The Mariposa County Arts Council is pleased to bring “Framing the Street,” a special exhibition of documentary photography by David Johnson, to the Treetop Gallery running from November 8, 2014 through April 3, 2015.
David Johnson, a native of Jacksonville, Florida was the first African American student of Ansel Adams at the California School of Fine Arts (now the San Francisco Art Institute) in 1946. Is addition to Adams, Johnson studied under such photographic greats as Minor White, Imogen Cunningham, Ruth Bernhard, and Edward Weston during the heralded golden age of photography on the West Coast. While at the California School of Fine Arts, Mr. Johnson was advised to document the people and places he knew well. As a result, he became an important chronicaler of black life in San Francisco during the middle part of the 20th century, turning his lens on the city’s jazz scene, the Civil Rights Movement, and streetwork focused specifically on San Francisco’s Fillmore District. Nat King Cole, Langston Hughes, Eartha Kitt, W.E.B. Dubois and Thurgood Marshall were among the many luminaries Johnson photographed.

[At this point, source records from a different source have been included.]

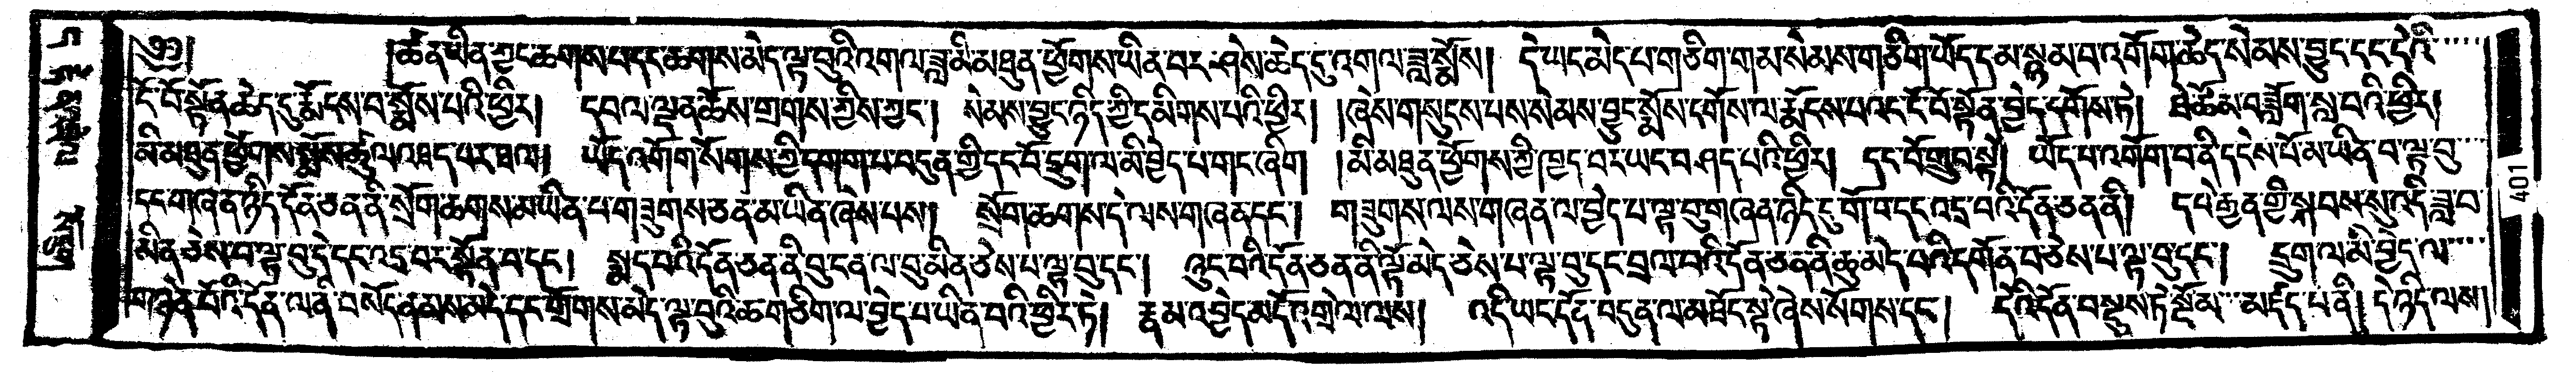༄༅། །ཚན་ཡིན་ཀྱང་ཆགས་པ་དང་ཆགས་མེད་ལྟ་བུའི་འགལ་ཟླ་མི་མཐུན་ཕྱོགས་ཡིན་པར་ཤེས་ཆེད་དུ་འགལ་ཟླ་སྨོས། དེ་ཡང་མེད་པ་གཅིག་གམ་སེམས་གཅིག་ཡོད་དམ་སྙམ་པ་འགོག་ཆེད་སེམས་བྱུང་དང་དེའི་
ངོ་བོ་སྟོན་ཆེད་དུ་རྨོངས་པ་སྨོས་པའི་ཕྱིར། དཔལ་ལྡན་ཆོས་གྲགས་ཀྱིས་ཀྱང་། སེམས་བྱུང་ཉིད་ཀྱི་དམིགས་པའི་ཕྱིར། །ཞེས་གསུངས་པས་སེམས་བྱུང་སྨོས་དགོས་ལ་རྨོངས་པའང་ངོ་བོ་སྟོན་བྱེད་དགོས་ཏེ། ཐེ་ཚོམ་བཟློག་སླ་པའི་ཕྱིར།
མི་མཐུན་ཕྱོགས་སྨོས་ཚུལ་འཐད་པར་ཐལ། ཡོད་འགོག་སོགས་ཀྱི་དགག་པ་བདུན་གྱི་དང་པོ་དྲུག་ལ་མི་བྱེད་པ་གང་ཞིག །མི་མཐུན་ཕྱོགས་ཀྱི་ཁྱད་པར་ཡང་བཤད་པའི་ཕྱིར། དང་པོ་གྲུབ་སྟེ། ཡོད་པ་འགོག་པ་ནི་དངོས་པོ་མ་ཡིན་པ་ལྟ་བུ་
དང་གཞན་ཉིད་དོན་ཅན་ནི་སྲོག་ཆགས་མ་ཡིན་པ་གཟུགས་ཅན་མ་ཡིན་ཞེས་པས། སྲོག་ཆགས་དེ་ལས་གཞན་དང་། གཟུགས་ལས་གཞན་ལ་བྱེད་པ་ལྟ་བུ་གཞན་ཉིད་དུ་གོ་བ་དང་འདྲ་བའི་དོན་ཅན་ནི། དཔེ་རྒྱན་གྱི་སྐབས་སུ་འདི་ཟླ་བ་
མིན་ཅེས་པ་ལྟ་བུ་དེ་དང་འདྲ་བར་སྟོན་པ་དང་། སྨད་པའི་དོན་ཅན་ནི་བུ་ངན་ལ་བུ་མིན་ཅེས་པ་ལྟ་བུ་དང་། ཉུང་བའི་དོན་ཅན་ནི་ལྟོ་མེད་ཅེས་པ་ལྟ་བུ་དང་བྲལ་བའི་དོན་ཅན་ནི་ཆུ་མེད་པའི་དགོང་པ་ཅེས་པ་ལྟ་བུ་དང་། དྲུག་ལ་མི་བྱེད་ལ་
གཉེན་པོའི་དོན་ལ་ནི་བསོད་ནམས་མེད་དང་གྲོགས་མེད་ལྟ་བུའི་ཆ་གཅིག་ལ་བྱེད་པ་ཡིན་པའི་ཕྱིར་ཏེ། རྣམ་འབྱེད་མདོ་འགྲེལ་ལས། འདི་ཡང་དོན་བདུན་ལ་མཐོང་སྟེ་ཞེས་སོགས་དང་། དེའི་དོན་བསྡུས་ཏེ་སྡོམ་མཛད་པ་ནི། དེ་ཉིད་ལས།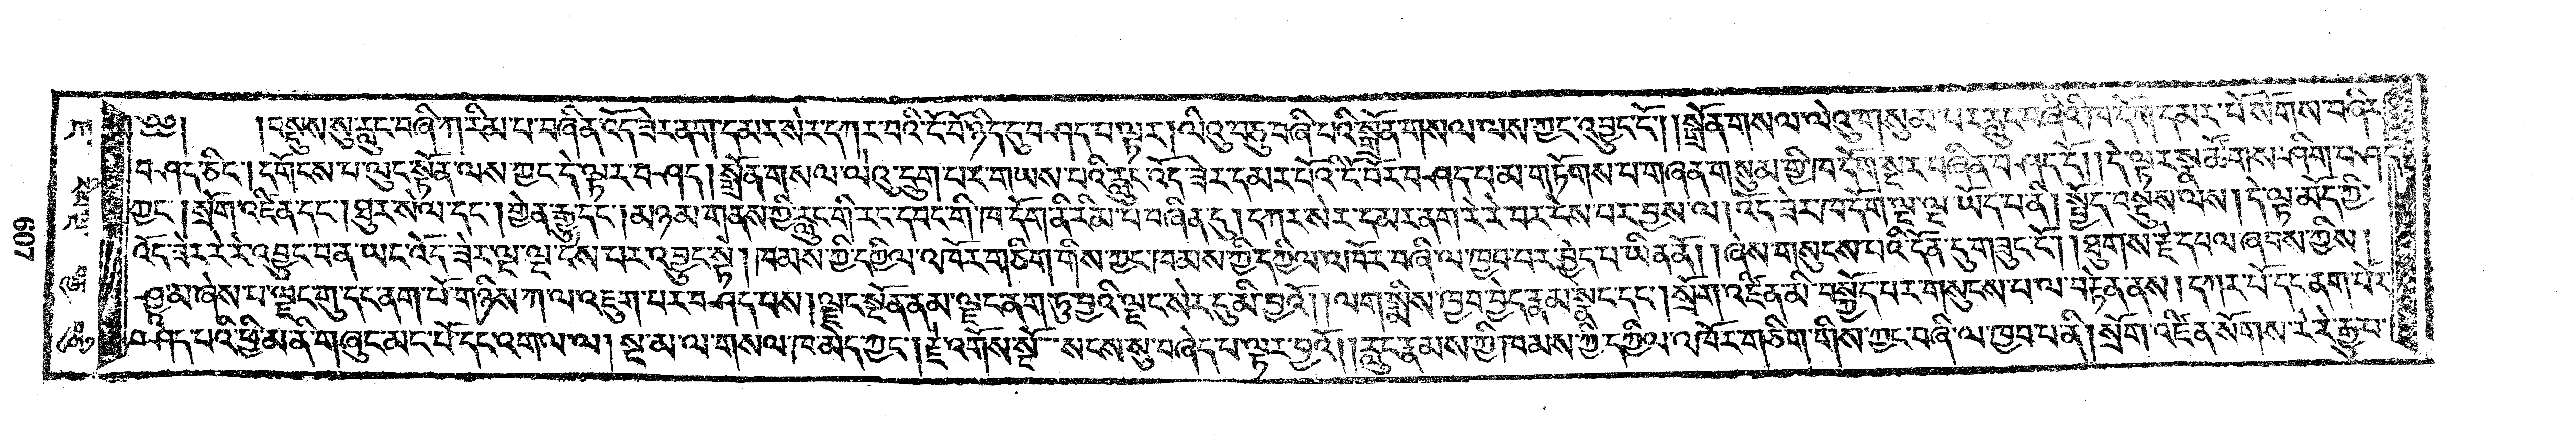༄༅། །བསྡུས་སུ་རླུང་བཞི་ཀ་རིམ་པ་བཞིན་འོད་ཟེར་ནག་དམར་སེར་དཀར་བའི་ངོ་བོ་ཉིད་དུ་བཤད་པ་ལྟར། ལེའུ་བཅུ་བཞི་པའི་སྒྲོན་གསལ་ལས་ཀྱང་འབྱུང་ངོ། །སྒྲོན་གསལ་ལེའུ་གསུམ་པར་རླུང་བཞིའི་ཁ་དོག་དམར་པོ་སོགས་བཞིར་
བཤད་ཅིང་། དགོངས་པ་ལུང་སྟོན་ལས་ཀྱང་དེ་ལྟར་བཤད། སྒྲོན་གསལ་ལེའུ་དྲུག་པར་གཡས་པའི་རླུང་འོད་ཟེར་དམར་པོའི་ངོ་བོར་བཤད་པ་མ་གཏོགས་པ་གཞན་གསུམ་གྱི་ཁ་དོག་སྔར་བཞིན་བཤད་དོ། །དེ་ལྟར་སྣ་ཚོགས་ཤིག་བཤད་
ཀྱང་།སྲོག་འཛིན་དང་།ཐུར་སེལ་དང་། གྱེན་རྒྱུ་དང་།མཉམ་གནས་ཀྱི་རླུང་གི་རང་དབང་གི་ཁ་དོག་ནི་རིམ་པ་བཞིན་དུ། དཀར་སེར་དམར་ནག་རེ་རེ་བར་ངེས་པར་བྱས་ལ། འོད་ཟེར་ཁ་དོག་ལྔ་ལྔ་ཡོད་པ་ནི། སྤྱོད་བསྡུས་ལས། དེ་ལྟ་མོད་ཀྱི་
འོད་ཟེར་རེ་རེ་འབྱུང་བ་ན་ཡང་འོད་ཟེར་ལྔ་ལྔ་ངེས་པར་འབྱུང་སྟེ། ཁམས་ཀྱི་དཀྱིལ་འཁོར་གཅིག་གིས་ཀྱང་ཁམས་ཀྱི་དཀྱིལ་འཁོར་བཞི་ལ་ཁྱབ་པར་བྱེད་པ་ཡིན་ནོ། །ཞེས་གསུངས་པའི་དོན་དུ་གཟུང་ངོ། །ཐུགས་རྗེ་དཔལ་ཞབས་ཀྱིས།
ཤྱཱ་མ་ཞེས་པ་ལྗང་གུ་དང་ནག་པོ་གཉིས་ཀ་ལ་འཇུག་པར་བཤད་པས། ལྗང་སྔོན་ནམ་ལྗང་ནག་ཏུ་བྱའི་ལྗང་སེར་དུ་མི་བྱའོ། །ལག་སྨིས་ཁྱབ་བྱེད་རྣམ་སྣང་དང་། སྲོག་འཛིན་མི་བསྐྱོད་པར་གསུངས་པ་ལ་བརྟེན་ནས། དཀར་པོ་དང་ནག་པོར་
བཤད་པའི་ཕྱི་མ་ནི་གཞུང་མང་པོ་དང་འགལ་ལ། སྔ་མ་ལ་གསལ་ཁ་མེད་ཀྱང་།རྗེ་འགོས་སྔོ་སངས་སུ་བཞེད་པ་ལྟར་བྱའོ། །རླུང་རྣམས་ཀྱི་ཁམས་ཀྱི་དཀྱིལ་འཁོར་གཅིག་གིས་ཀྱང་བཞི་ལ་ཁྱབ་པ་ནི། སྲོག་འཛིན་སོགས་རེ་རེ་རྒྱུ་བ་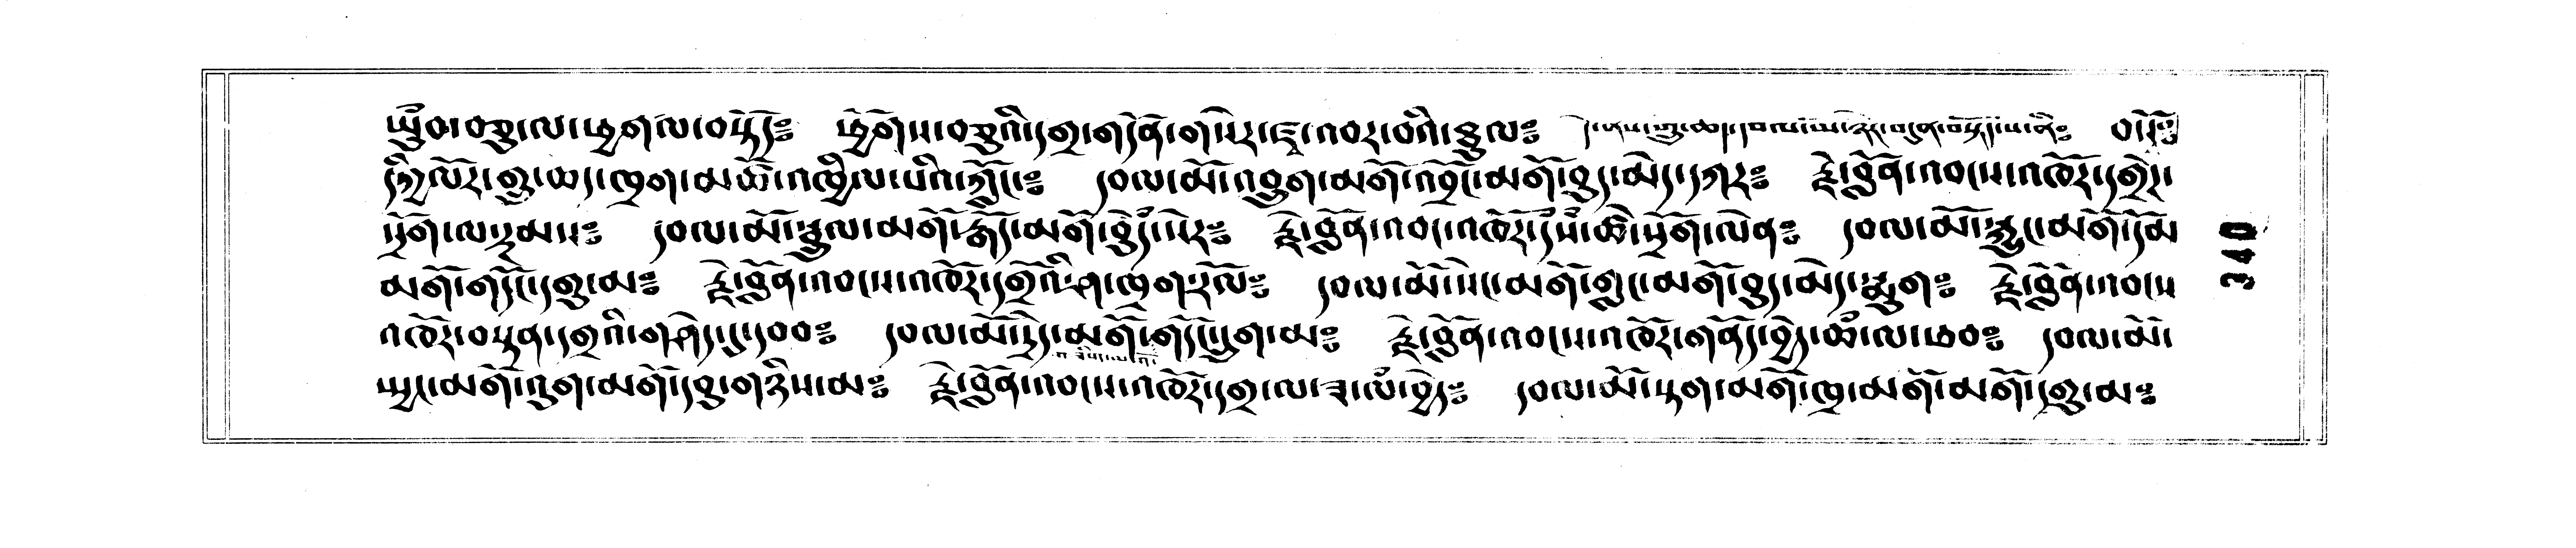ཡབ་ཡུམ་བཅུ་ལ་ཕྱག་འཚལ་བསྟོད༔ ཕྱོགས་བཅུའི་དགྲ་གདོན་གསེར་ཛྭ་འབར་བའི་ཐུལ༔ དེ་ནས་གྲུ་ཆད་དབལ་མོ་ཉེར་བདུན་བསྟོད་པ་ནི༔ བསྭོ༔ 
དཀྱིལ་འཁོར་གྲུ་ཆད་ཁྲག་མཚོ་འཁྱིལ་པའི་ཀློང་༔ དབལ་མོ་འབྲུག་མགོ་འབྲོང་མགོ་བུད་མེད་དཀར༔ རྗེ་བློན་འབངས་འཁོར་དགྲ་བགེགས་
སྲོག་ལ་རྔམས༔ དབལ་མོ་སྦྲུལ་མགོ་རྒོད་མགོ་བུད་མེད་སེར༔ རྗེ་བློན་འབངས་འཁོར་དམ་ཉམས་ཚེ་སྲོག་ལེན༔ དབལ་མོ་སྐྱུང་མགོ་དོམ་
མགོ་གདོང་དགུ་མ༔ རྗེ་བློན་འབངས་འཁོར་དགྲ་བོའི་ཤ་ཁྲག་རོལ༔ དབལ་མོ་སེང་མགོ་གླང་མགོ་བུད་མེད་སྨུག༔ རྗེ་བློན་འབངས་
འཁོར་བསྟན་དགྲའི་གཤེད་དུ་དབབ༔ དབལ་མོ་དྲེད་མགོ་གཟིག་མགོ་གདོང་དྲུག་མ༔ རྗེ་བློན་འབངས་འཁོར་གནོད་བྱེད་ཆམ་ལ་ཕབ༔ དབལ་མོ་
སྤྱང་མགོ་འུག་མགོ་དབུ་གཉིས་མ༔ རྗེ་བློན་འབངས་འཁོར་དགྲ་ལ་ཟ་ལམ་བྱེད༔ དབལ་མོ་སྟག་མགོ་ཁྲ་མགོ་མགོ་དགུ་མ༔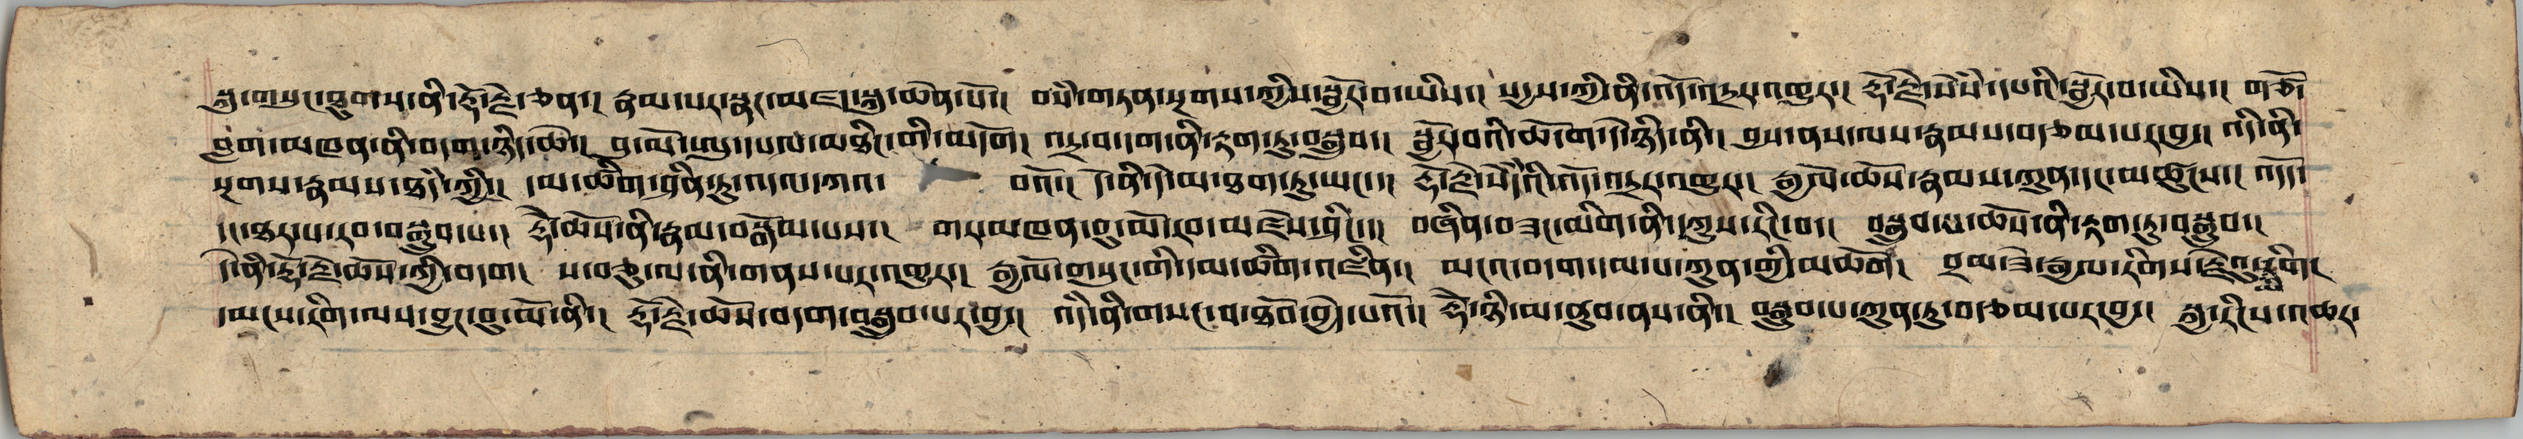སྐུ་གསུང་ཐུགས་ནི་རྡོ་རྗེ་ཅན་། རྣམ་པར་སྣང་མཛད་སྐུ་ཆེན་པོ་། བསཾ་གཏན་སྔགས་ཀྱིས་སྦྱོར་བ་ཡིས་། སདྱས་ཀྱི་ནི་འོད་འདྲར་འགྱུར་། རྡོ་རྗེ་སེཾས་དཔའི་སྦྱོར་བ་ཡིས་། གཙོ་
བླག་མཁན་ནི་བདག་ཉིད་ཆེ་། བུ་མོ་ཨུ་དཔལ་མཐིང་གི་མདོག། འདྲ་བ་དག་ནི་རྟག་ཏུ་བསྒྲུབ་། སྦྱོར་བའི་ཆོ་ག་དེ་ཉིད་ནི་། བྱས་ནས་ལས་རྣམས་བརྩམ་པར་བྱ་། འདི་ནི་
སྔགས་རྣམས་ཐཾད་ཀྱི་། དམ་ཚིག་ཤིན་ཏུ་འདས་དཀའ་ བའོ་། དེ་ནི་དེ་མ་ཐག་ཏུ་ཡང་་། རྡོ་རྗེ་སེདཾའི་འོད་འདྲར་འགྱུར་། རྒྱལོ་ཆོས་རྣམས་ཀུན་དང་མཚུངས་། འདོད་
དང་ཐར་པ་རབ་བསྒྲུབ་པ་། རྡོེ་ཆོས་ནི་རྣམ་བསྒོམ་པས་། གར་མཁན་བུ་མོ་རབ་མཛེས་ཤིང་་། བཞིན་བཟང་མིག་ནི་དཀྱུས་རིང་བ་། བསྒྲུབ་པ་ཆོས་ནི་རྟག་ཏུ་བསྒྲུབ་།
དེ་ནི་རྡོ་རྗེ་ཆོས་ཀྱི་བདག་། ས་བཅུ་ལ་ནི་གནས་པར་འགྱུར་། རྒྱལོ་གསུང་གི་དམ་ཆིག་འཛིན་། མངའ་བདག་དམ་པ་ཀུན་གྱི་མཆོག། བྲམ་ཟེ་རྒྱལ་རིགས་རྗེའུ་རིག།
དམངས་རིག་ལས་བྱུང་བུ་མོ་ནི་། རྡོ་རྗེ་ཆོས་བདག་བསྒྲུབ་པར་བྱ་། འདི་ནི་གསང་བ་ཐོབ་བྱེད་པའོ་། རྡོེ་ཉི་མ་ནུབ་ནས་ནི་། བསྒྲུབ་པ་ཀུན་ཏུ་བརྩམ་པར་བྱ་། སྐྱ་རིངས་འཆར་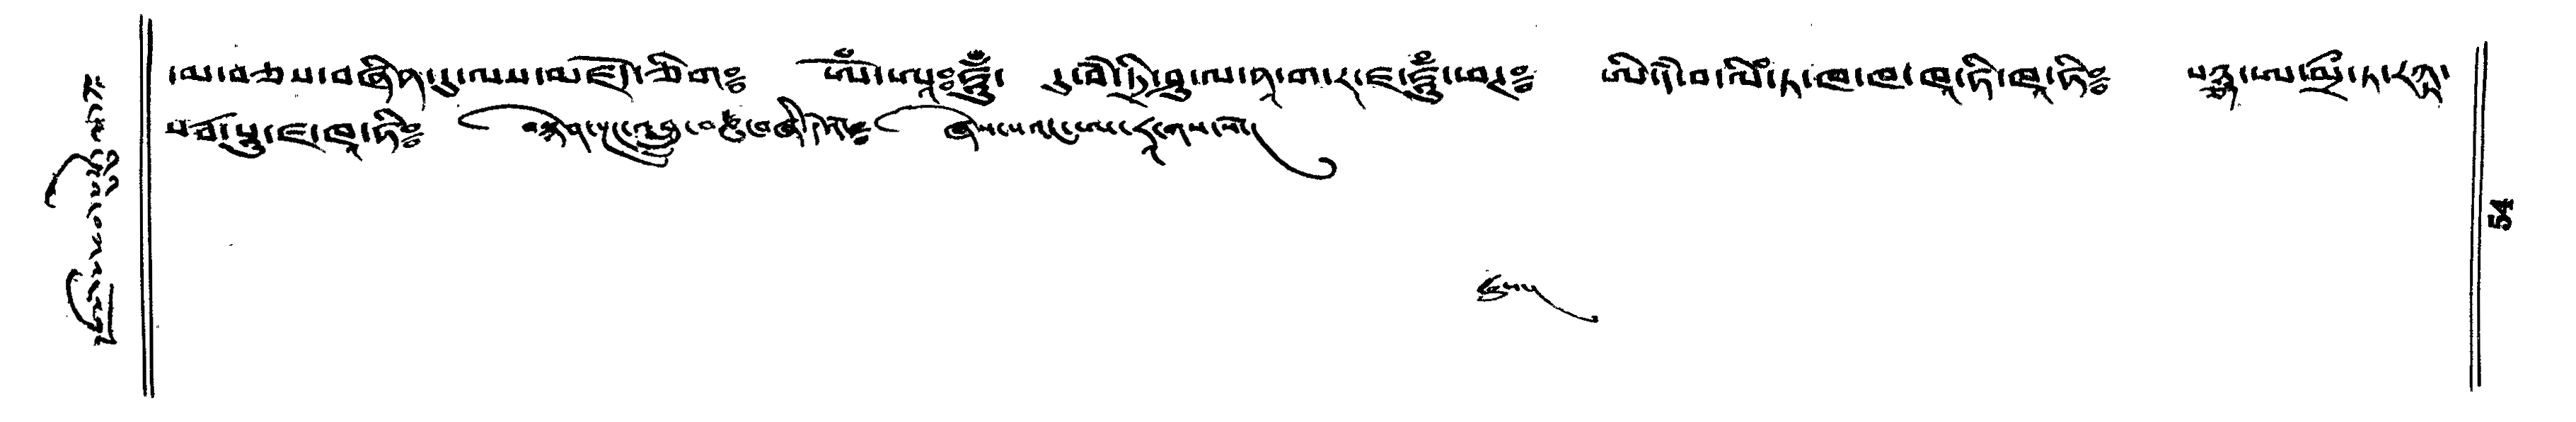།དམ་བཅས་བཞིན་དུ་ལས་མཛོད་ཅིག ཨོཾ་ཨཱཿཧཱུྃ། དུ་བམ་ཏྲི་ཤུ་ལ་ནཱ་ག་ར་ཛ་ཧཱུྃ་ཕཊ། ཨི་དམ་བ་ལིཾ་ཏ་ཁ་ཁ་ཁཱ་ཧི་ཁཱ་ཧི། པཉྩ་ཨ་མྲྀ་ཏ་རཀྟ་
སརྦ་པཱུ་ཛ་ཁཱ་ཧི། བསྙེན་སྔགས་འབྲུ་བཅུ་བཞི་བཟླའོ། ཞེས་པའང་ཨ་རཱ་གས་སོ།། དགེའོ།།

Now in his 80s, Mr. Johnson considers himself a griot, or storyteller, who in West African culture is charged with communicating a tribe’s history. “By documenting past eras, I am giving people a glimpse of what life was like, maybe for some reawakening painful and proud memories. My work teaches through visual images. They reflect what I have experienced and continue to observe and become legacy for present and future generations.”